The night of the attack, I was dining with a group of Jordanians in one of Amman's fashionable night-life areas, and people seemed more concerned about the imminent return of Abu Qatada, a Jordanian-born fundamentalist sheikh whom the Blair government is only too happy to disgorge after the July bombings in London. "I really thought Jordanians would be freaked out when we finally got hit," says Rana Sweis, a 25-year-old Jordanian journalist. "And if it had happened two or three years ago, people would've been shocked and afraid. Things are very stable here, and Jordanians are very cautious. But look around you, everyone's out tonight."

Perhaps the relative calm is due to the fact that everyone else in the region has been hit considerably harder. Or maybe, as Fares Braizat, a researcher at the University of Jordan's Center for Strategic Studies, explains, it's because "Jordan was
definitely not the target. If it was," he told me in his Amman office, "they would've gone after the capital here."
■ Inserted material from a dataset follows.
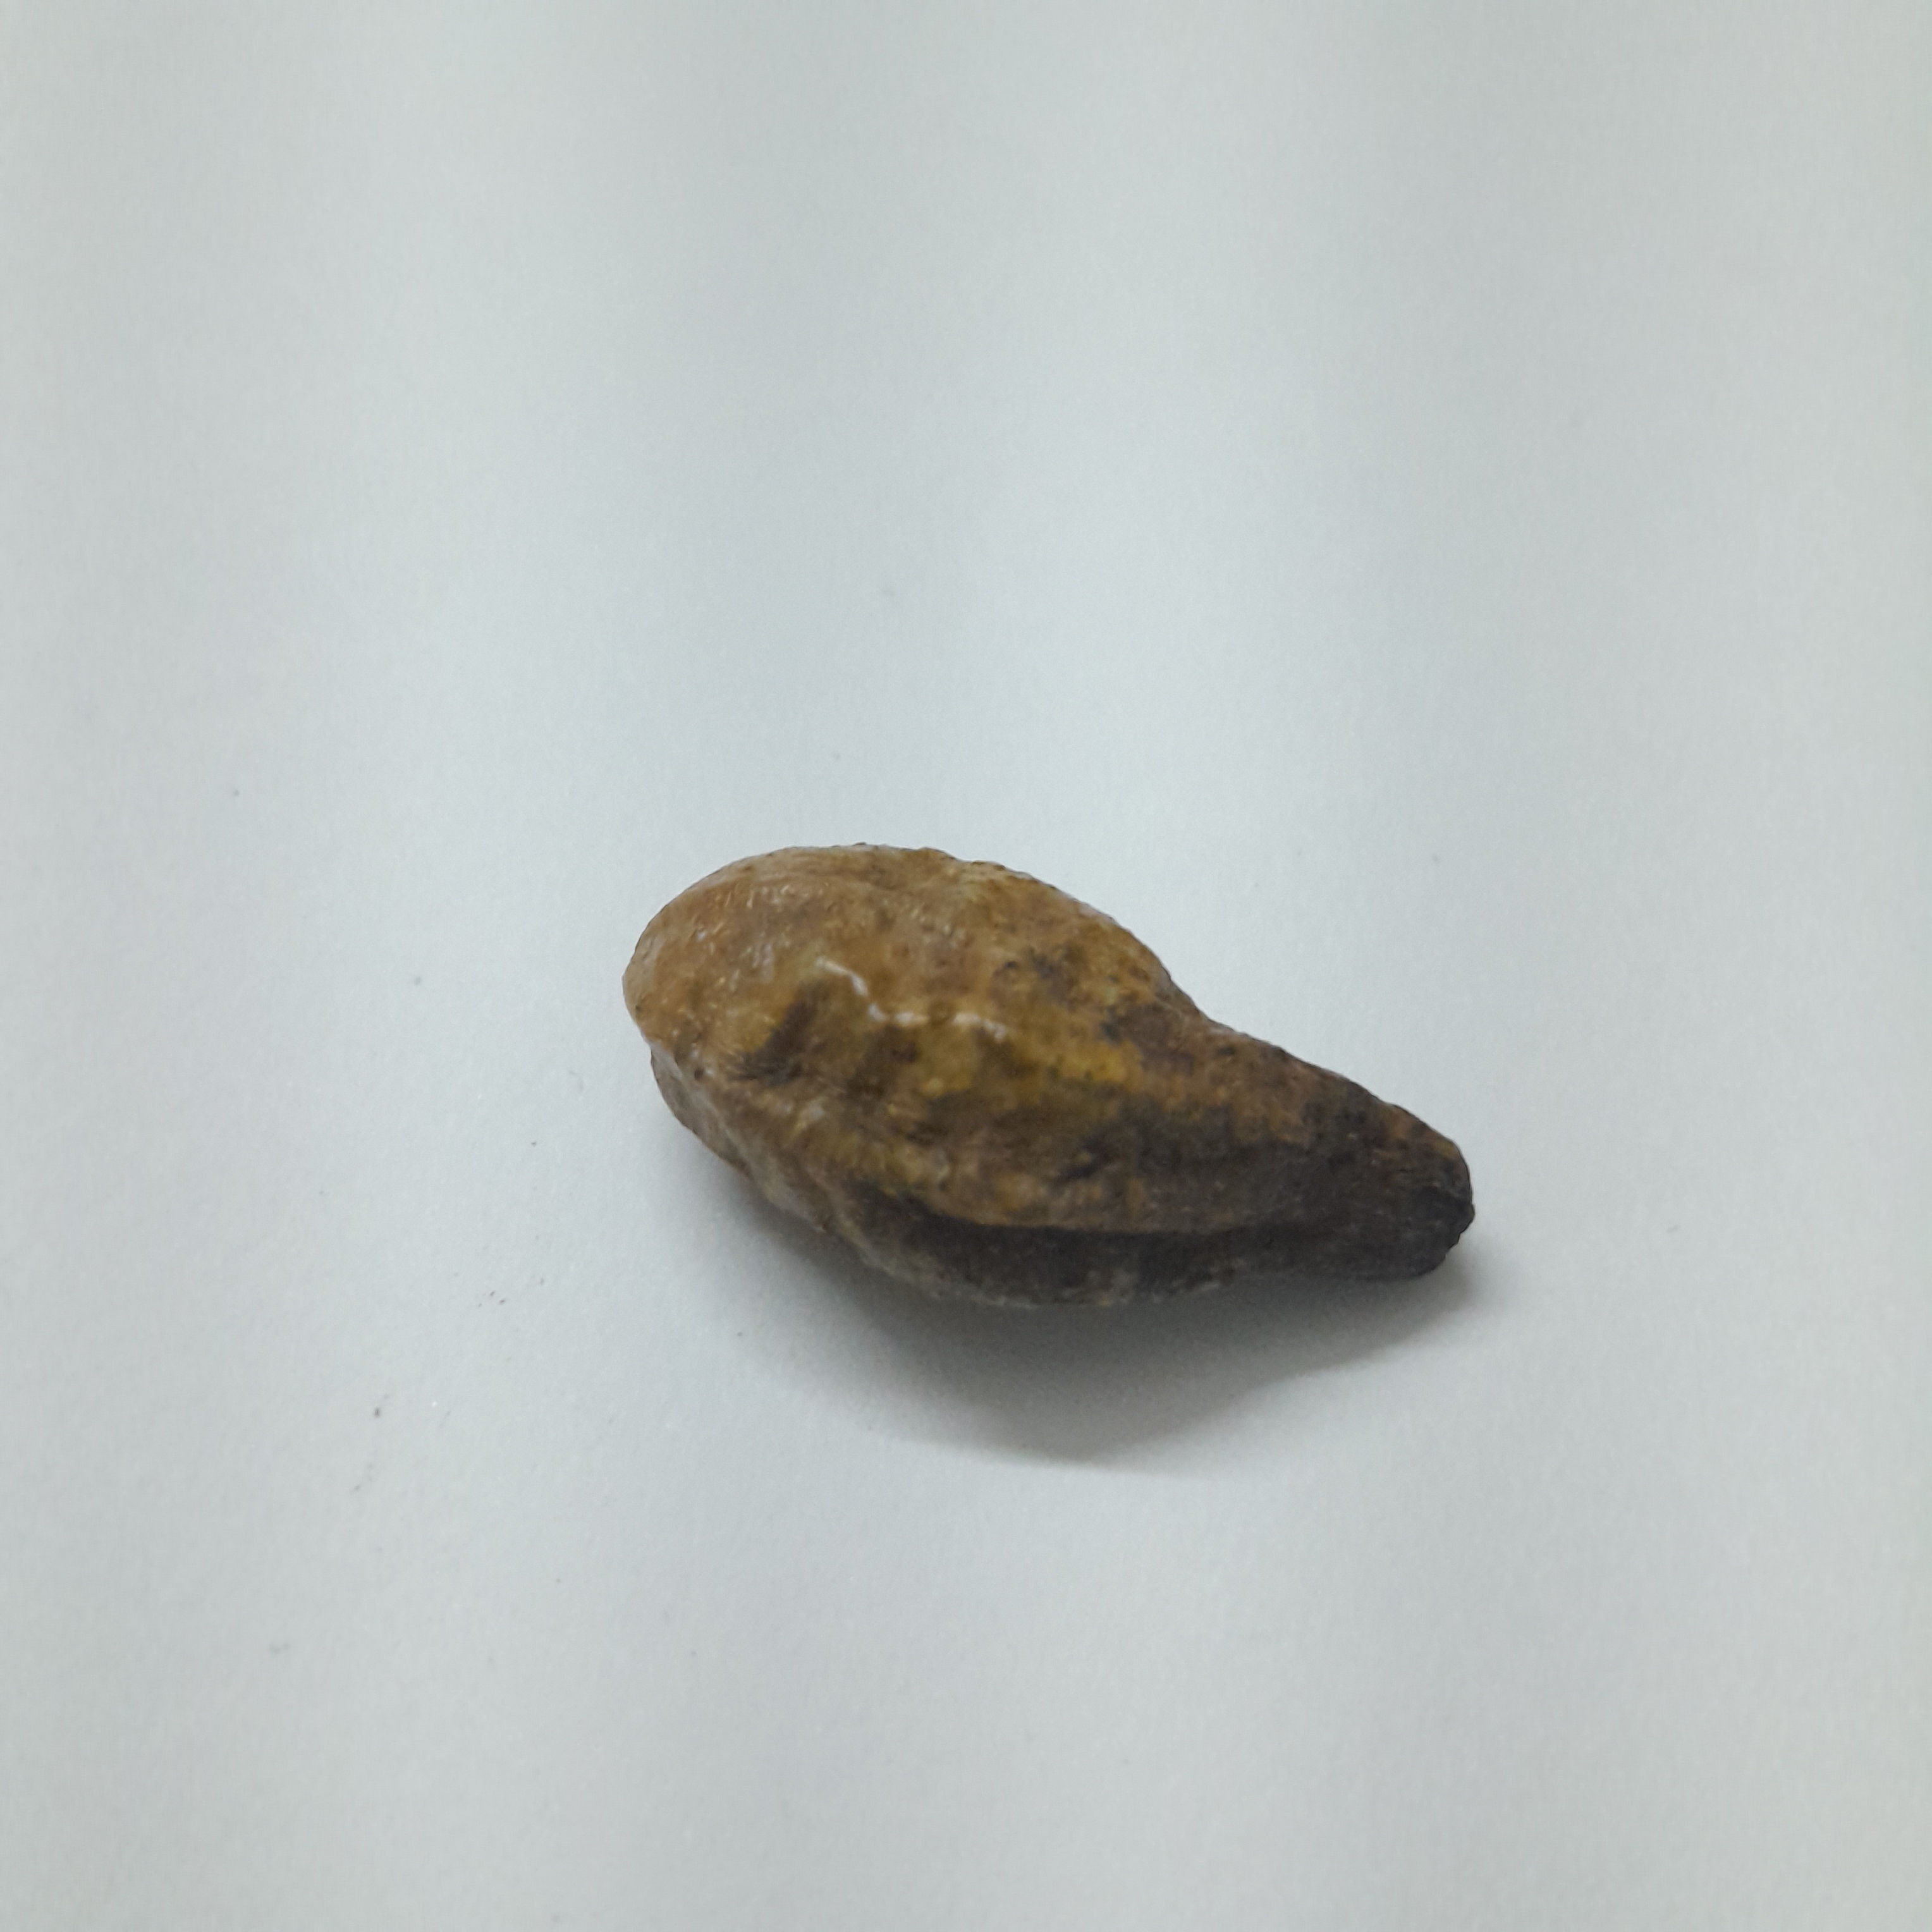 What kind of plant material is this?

hirdaa

It's true that the missile attack, like the last successful terrorist operation in Jordan, which claimed the life of American diplomat Laurence Foley in October 2002, targeted Americans. However, as we saw when Western employees in the Saudi oil industry were killed, attacks in Muslim countries are often intended to bring attention to a government's relationship with Western concerns in order to embarrass the regime. As a recent Pew poll showed that 70 percent of Jordanians support attacks against Americans and other Westerners in Iraq, it's likely that much of that majority had not previously known that their government is a stalwart, albeit quiet, ally in the U.S.-led coalition's war. Now they know, and maybe the Royal Hashemite Court has some explaining to do.
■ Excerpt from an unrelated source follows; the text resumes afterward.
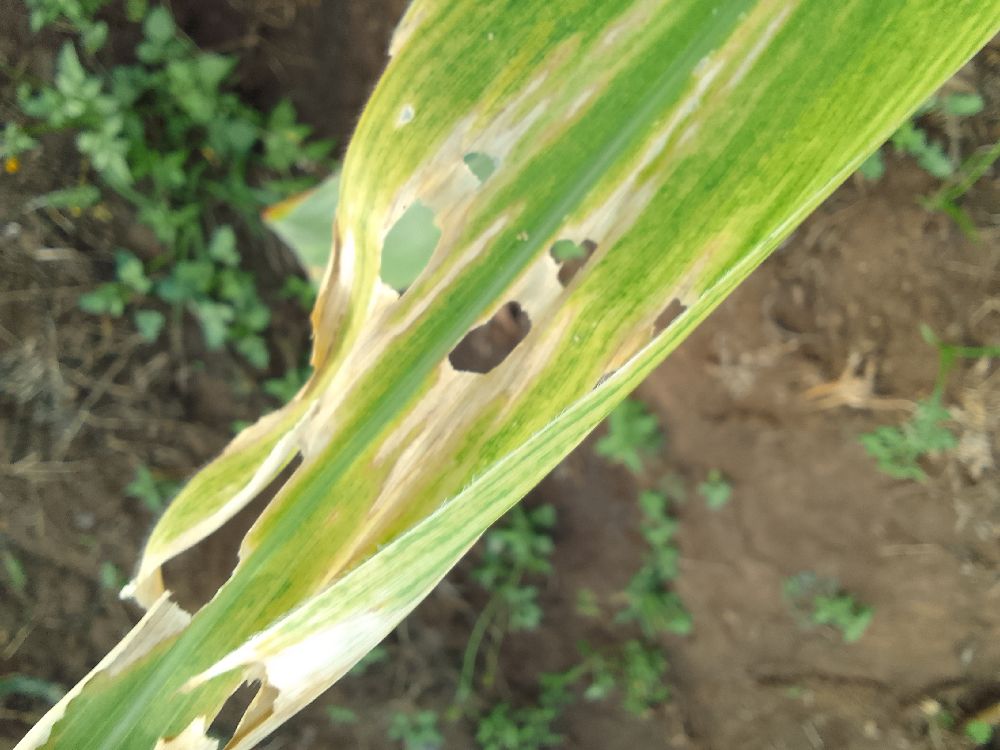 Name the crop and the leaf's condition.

maize, maize lethal necrosis

However, targeting Aqaba suggests that the attack wasn't just a shot at the United States and its regional policies. It was also aimed at the Hashemite monarchy.

Aqaba is Jordan's only port and also its one Red Sea resort town. Throughout the region this summer the tourist industry has been repeatedly attacked, most spectacularly at Sharm al Sheikh, Egypt's Red Sea resort, where 88 people, mostly Egyptians, died. And in Lebanon, the series of bombs and assassinations that began with the February murder of a former Lebanese prime minister has virtually destroyed the summer tourism season, long a staple of the Lebanese economy. Perhaps Aqaba isn't yet as strong a tourist draw as Beirut or Egypt's numerous Sinai resorts, but the Jordanians are hoping to make good on the large investment they've poured into what they call the Red Sea Riviera, encompassing Taba in Egypt and Eilat in Israel.